## AIM OF THE TASK
Every single entry should be printed exactly.

-------- ENTRIES PROVIDED

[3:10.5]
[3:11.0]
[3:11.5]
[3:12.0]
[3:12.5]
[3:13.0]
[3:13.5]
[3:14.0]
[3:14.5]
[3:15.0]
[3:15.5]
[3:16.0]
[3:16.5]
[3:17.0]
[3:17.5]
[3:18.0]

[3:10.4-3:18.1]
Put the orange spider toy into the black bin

----------------

## YOUR RESPONSE
[3:10.5]
[3:11.0]
[3:11.5]
[3:12.0]
[3:12.5]
[3:13.0]
[3:13.5]
[3:14.0]
[3:14.5]
[3:15.0]
[3:15.5]
[3:16.0]
[3:16.5]
[3:17.0]
[3:17.5]
[3:18.0]

[3:10.4-3:18.1]
Put the orange spider toy into the black bin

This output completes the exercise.